Salah satu karya paling terkenalnya untuk artis lain adalah “Take Me Higher”. Lagu ini ditulis dan digubah Rodgers untuk grup idola V6 sebagai tema pembuka serial tokusatsu Ultraman Tiga pada 1996, dan sempat menduduki posisi pertama tangga lagu harian Oricon. Versi V6 adalah versi asli/resmi, sementara Rodgers sendiri kemudian merilis versi self-cover-nya lewat album solo pada April 1997. Ia bahkan membuat rekaman ulang berbahasa Inggris pada 2020. Secara keseluruhan, ia disebut telah menulis dan memproduksi lebih dari 2.500 lagu untuk berbagai artis ternama sepanjang kariernya.
Babak Baru: Perpecahan dan Label Sendiri
Perjalanan bisnis Rodgers tak selalu mulus. Pada 2011, ia sempat menyerahkan sebagian besar urusan bisnisnya kepada Evelin Malferrari, yang kemudian mendirikan label Eurobeat baru bernama Sun Fire Records. Namun pada 2019, setelah melalui sengketa hukum panjang dengan Malferrari (dikenal dengan nama panggung Futura Prince), Rodgers mendirikan labelnya sendiri, Dave Rodgers Music, dan mulai memproduksi katalog, video, serta kolaborasi baru. Di era ini, ia kembali aktif bekerja sama dengan artis-artis seperti Kaioh, Annerley, Nuage, Domino, Powerful T, dan banyak lagi.
Kehidupan Pribadi
Rodgers pernah menikah dengan artis Italo disco/Eurobeat Alessandra Mirka Gatti dan memiliki seorang putra bernama Federico. Sang putra, yang dibesarkan oleh Gatti usai perceraian orang tuanya, turut menekuni dunia musik sebagai penyanyi Eurobeat dengan nama panggung Kaioh (sebelumnya dikenal sebagai Freddy Rodgers).
Tetap Aktif Berkarya di 2026
Meski usianya sudah menginjak 60-an, Rodgers masih sangat produktif. Pada 19 Februari 2026, ia merilis album vinyl double berjudul “The Space Boy” — album studio ke-12-nya, berisi 19 lagu kompilasi termasuk versi cover dan remaster, dinamai dari single ikoniknya di 1998. Edisi terbatas ini hadir dengan desain vinyl merah-hitam bergaya splatter, mengumpulkan hit-hit terbaiknya yang berkaitan dengan dunia Initial D dalam kualitas remaster.
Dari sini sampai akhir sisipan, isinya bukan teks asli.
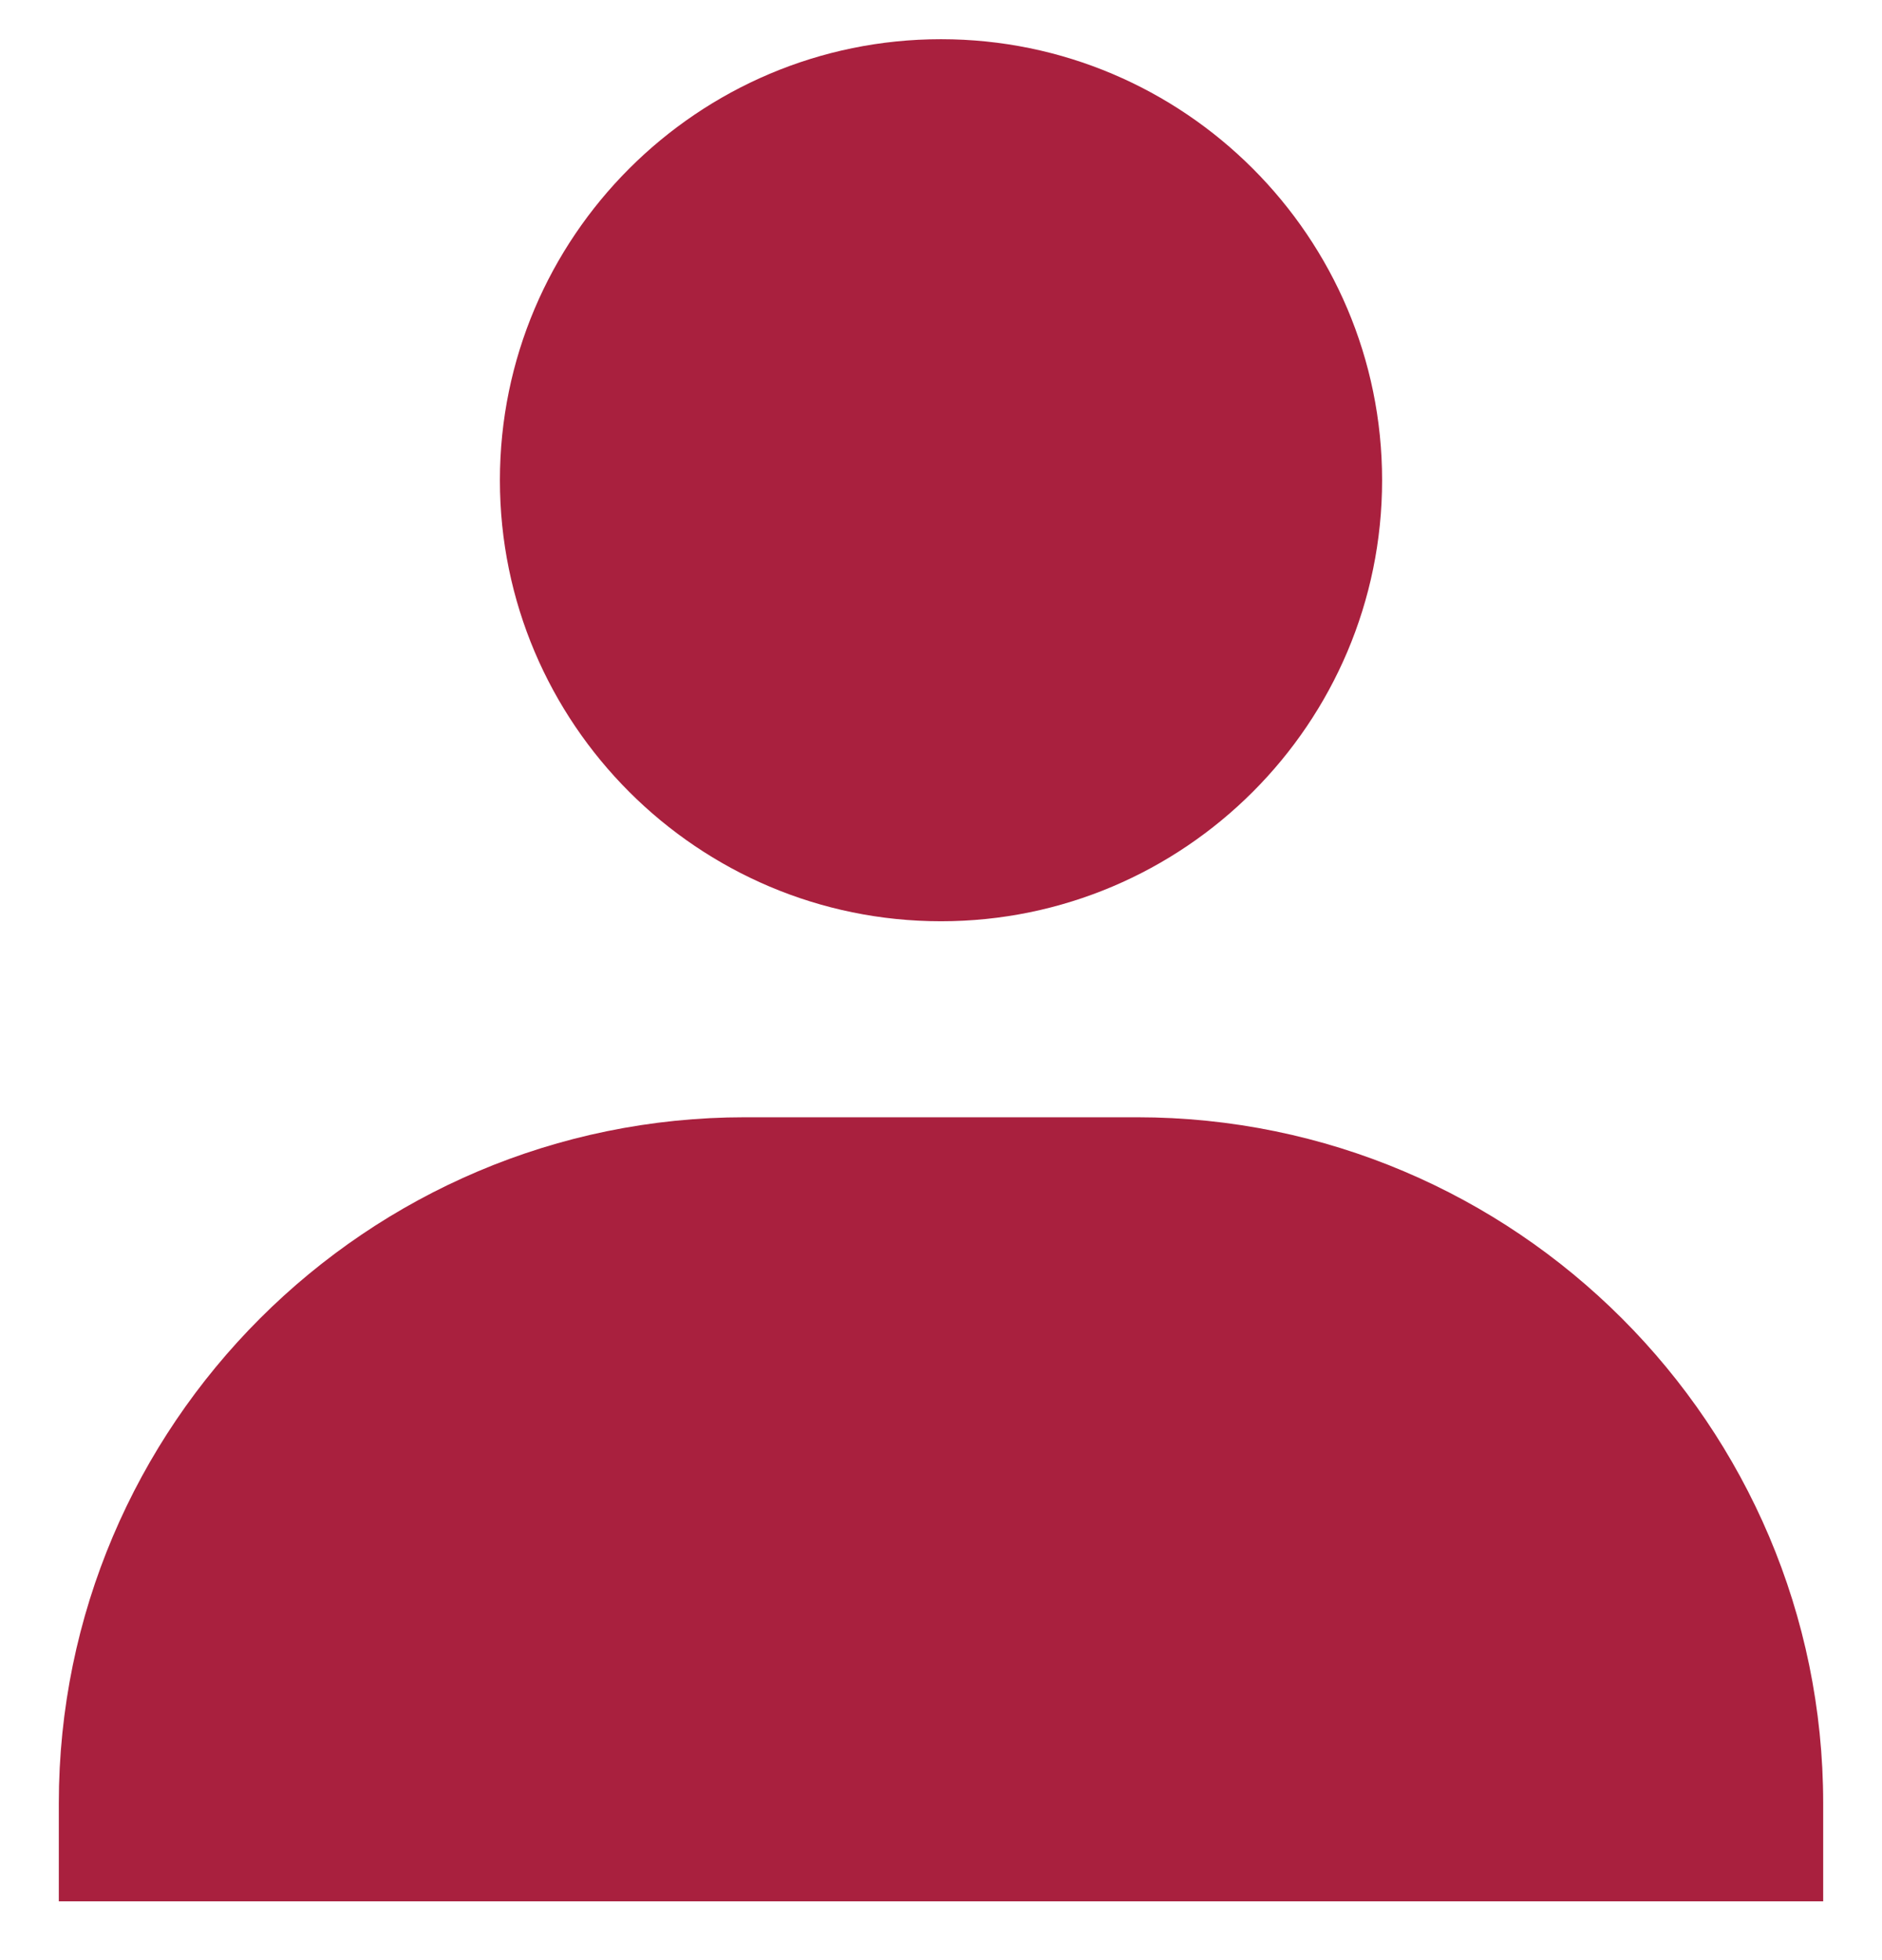 <svg width="24" height="25" viewBox="0 0 24 25" fill="none" xmlns="http://www.w3.org/2000/svg">
<path d="M6.375 6.125C6.375 9.226 8.899 11.75 12 11.75C15.101 11.75 17.625 9.226 17.625 6.125C17.625 3.024 15.101 0.5 12 0.5C8.899 0.5 6.375 3.024 6.375 6.125ZM22 24.25H23.25V23C23.25 18.176 19.324 14.25 14.5 14.25H9.5C4.675 14.25 0.75 18.176 0.75 23V24.25H22Z" fill="#A9203E"/>
</svg>

Ia juga terus aktif berkolaborasi dengan musisi lain — salah satu rilisan terbarunya adalah “SUZUJUN – LONELY feat. Kosho” yang keluar pada 17 Juli 2026. Katalognya di platform streaming pun terus diperbarui hingga pertengahan 2026, menunjukkan ia masih rutin merilis materi baru sekaligus meremaster ulang lagu-lagu klasiknya.
Perjalanan panjang inilah yang akhirnya membawanya tampil langsung di panggung AFA Next Stage, AFA ID 2026, pada 15 Agustus 2026 di ICE BSD City — memperkenalkan warisan musik Eurobeat legendarisnya kepada penggemar Initial D dan J-pop di Indonesia.